- _What the exercise asks_: Leave out the pictures, and retype the remaining data exactly.

- _Data under study_:
━━━━━━━━━━━━━━━━━━━━━━━━━━━━━━

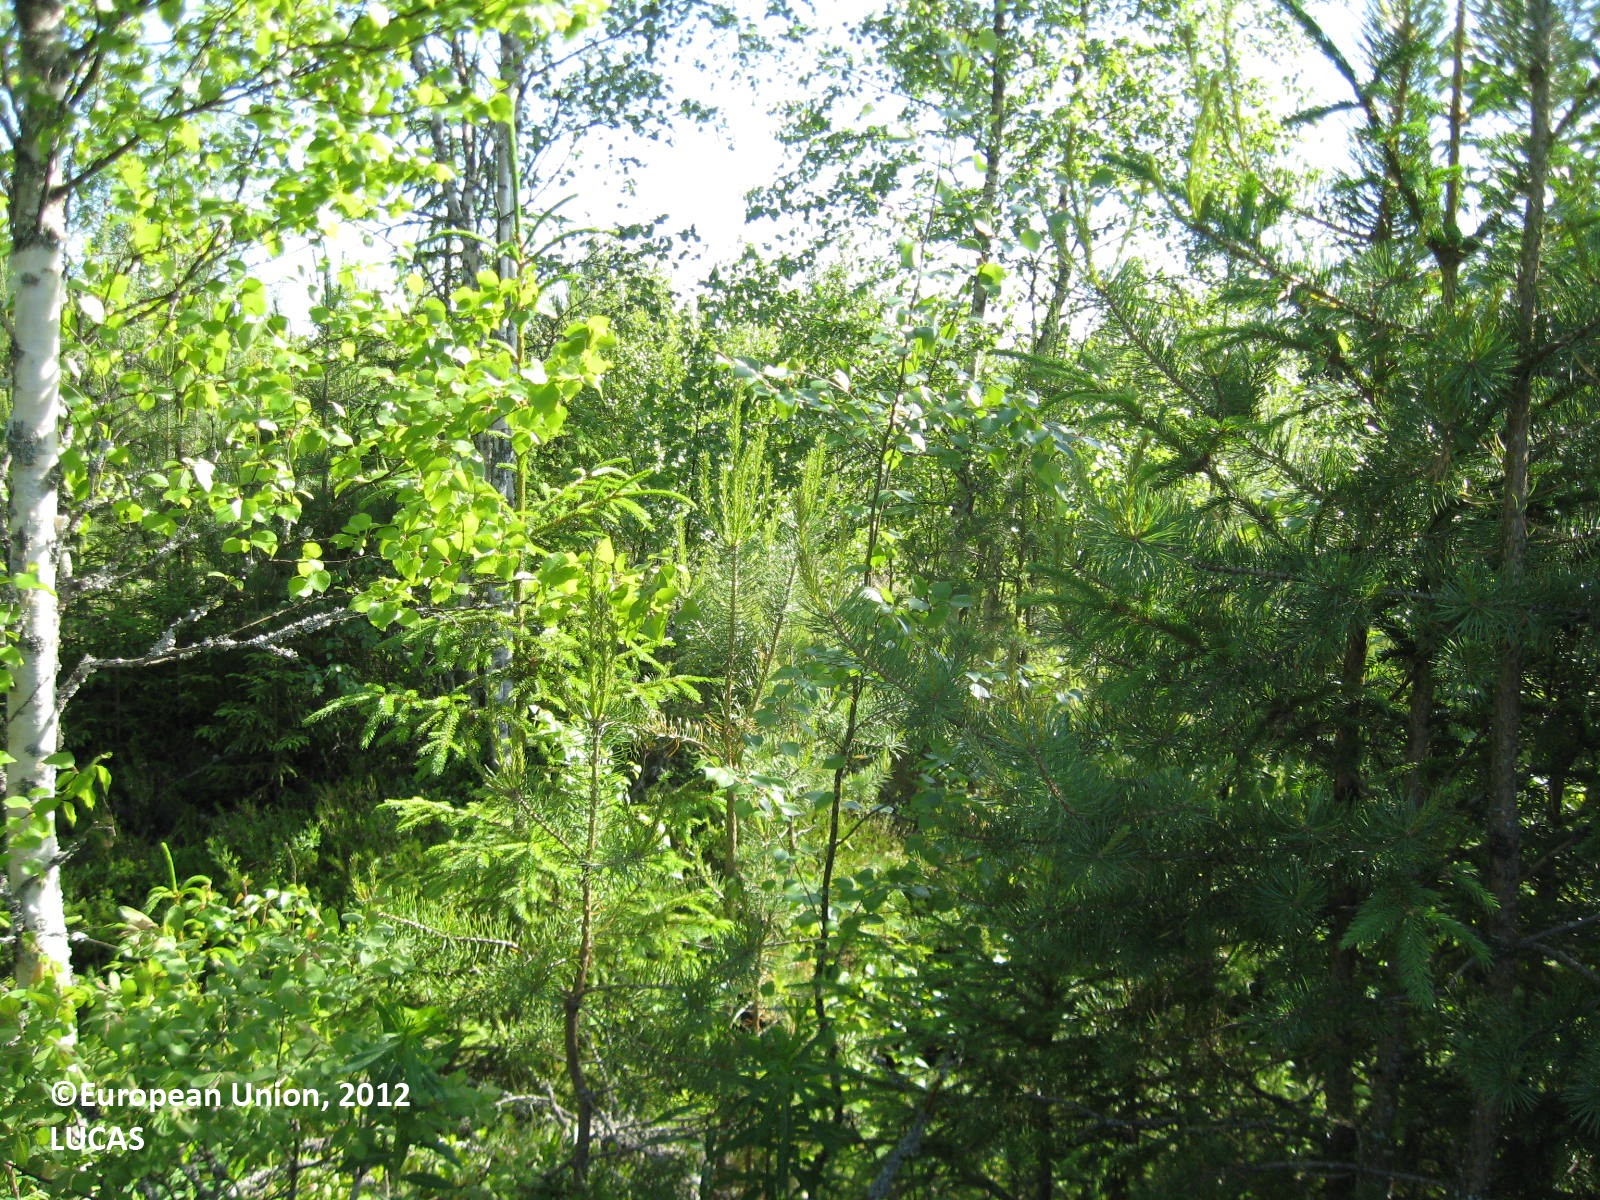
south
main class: Woodland
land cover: Other mixed woodland
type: boreal forest
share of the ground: > 75 %
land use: Forestry
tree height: < 5 m
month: June
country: FI
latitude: 62.6247
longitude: 21.7612
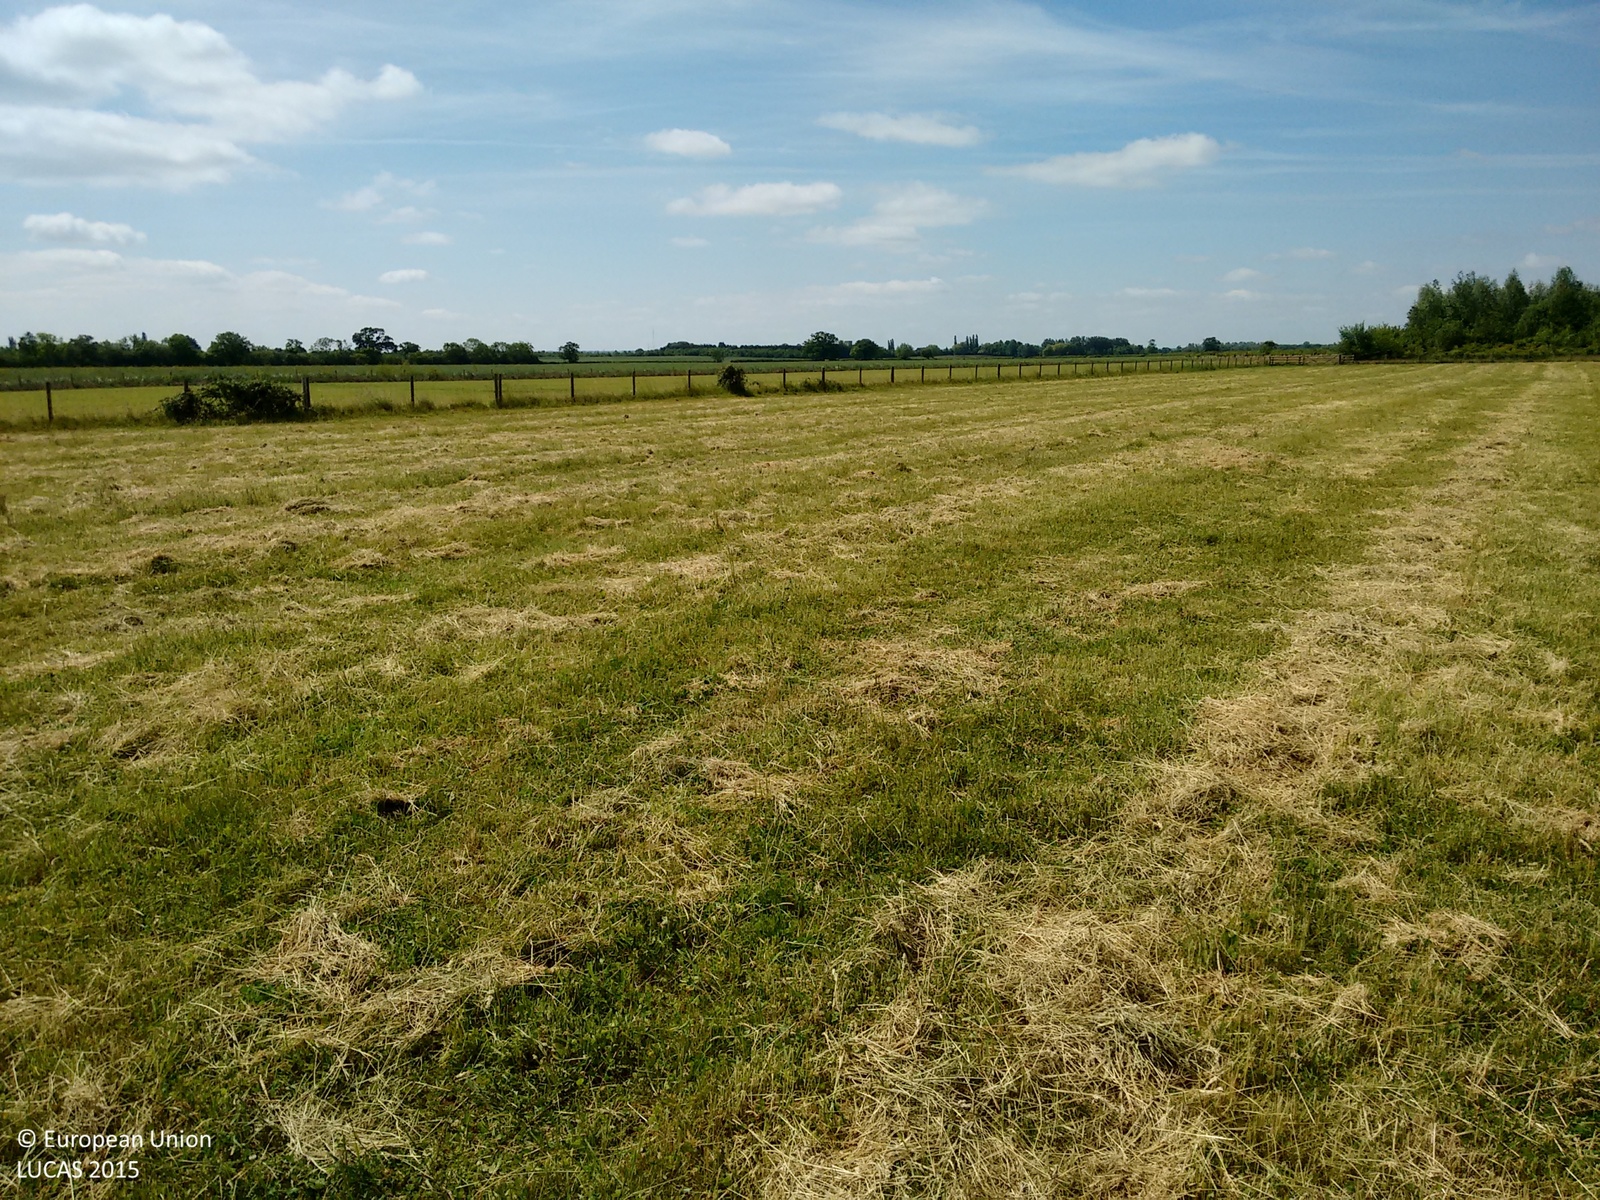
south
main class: Grassland
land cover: Grassland without tree/shrub cover
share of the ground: > 75 %
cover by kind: herbaceous plants 100 %
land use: Agriculture (excluding fallow land and kitchen gardens)
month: June
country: GB
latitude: 51.8679
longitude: -1.1566
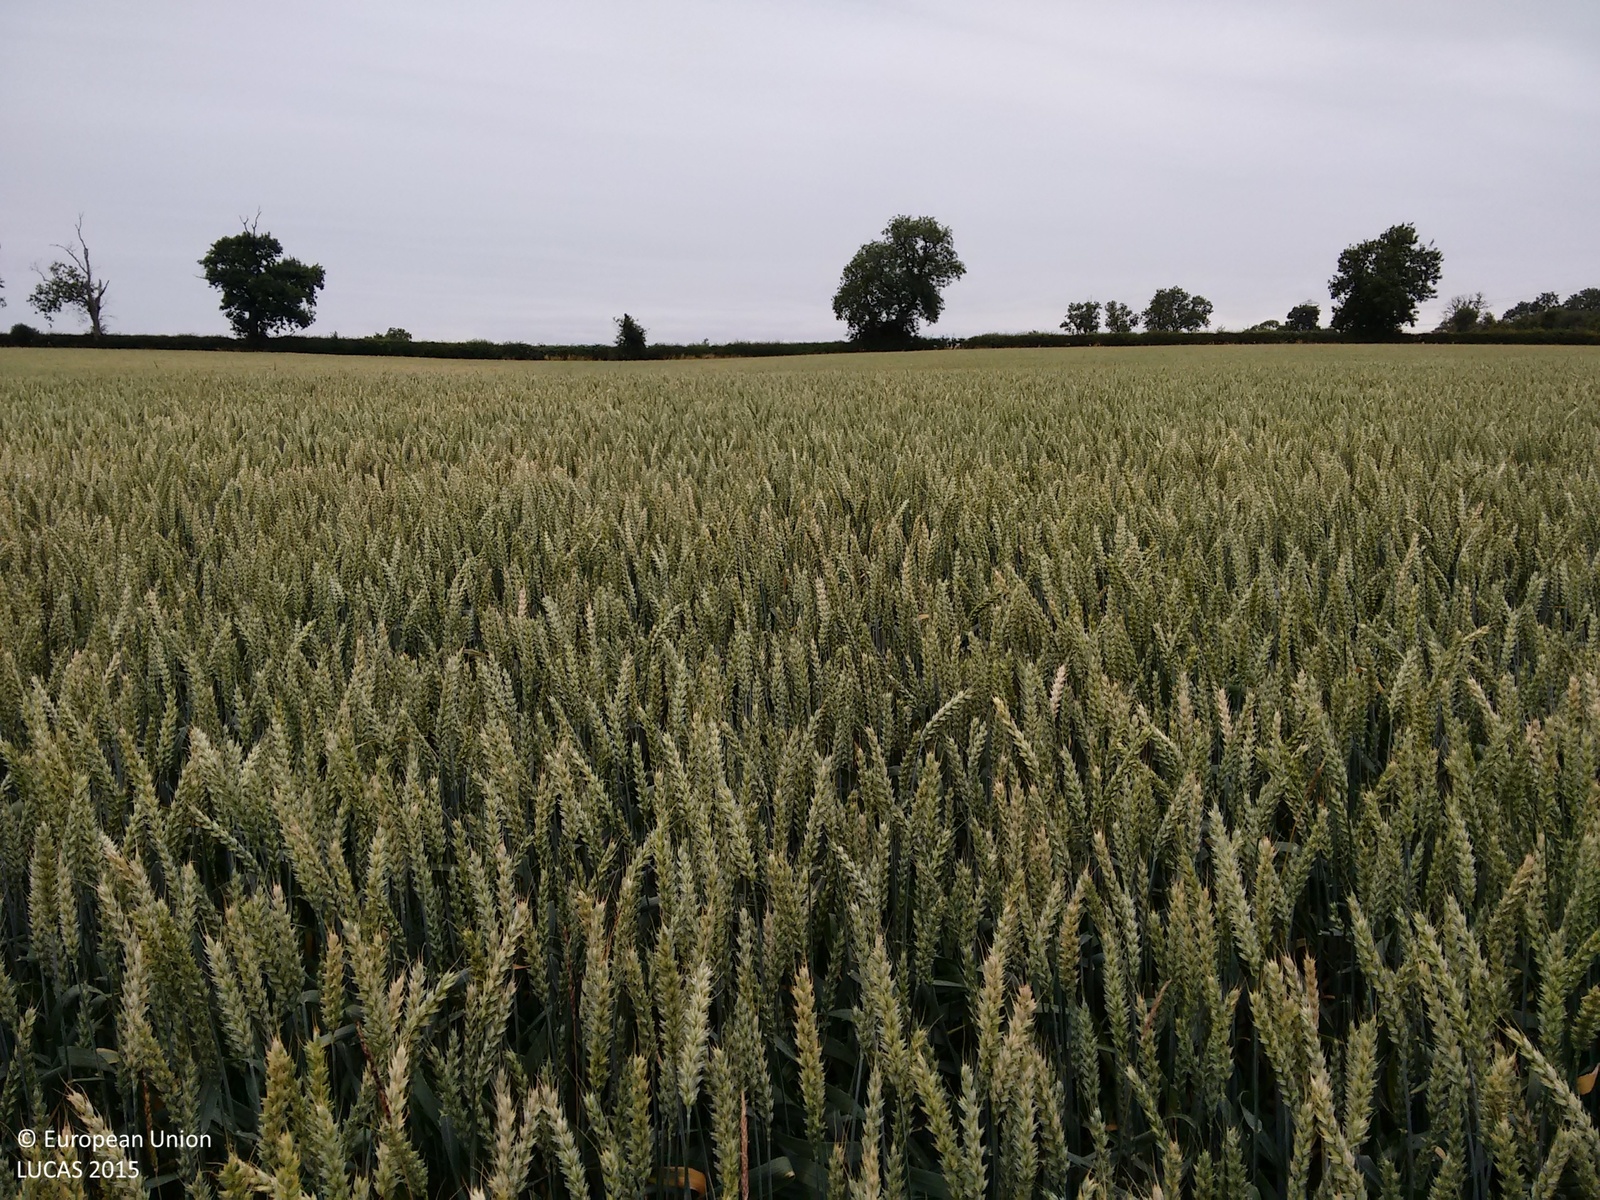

━━━━━━━━━━━━━━━━━━━━━━━━━━━━━━

- _Task output_:
south
main class: Woodland
land cover: Other mixed woodland
type: boreal forest
share of the ground: > 75 %
land use: Forestry
tree height: < 5 m
month: June
country: FI
latitude: 62.6247
longitude: 21.7612
south
main class: Grassland
land cover: Grassland without tree/shrub cover
share of the ground: > 75 %
cover by kind: herbaceous plants 100 %
land use: Agriculture (excluding fallow land and kitchen gardens)
month: June
country: GB
latitude: 51.8679
longitude: -1.1566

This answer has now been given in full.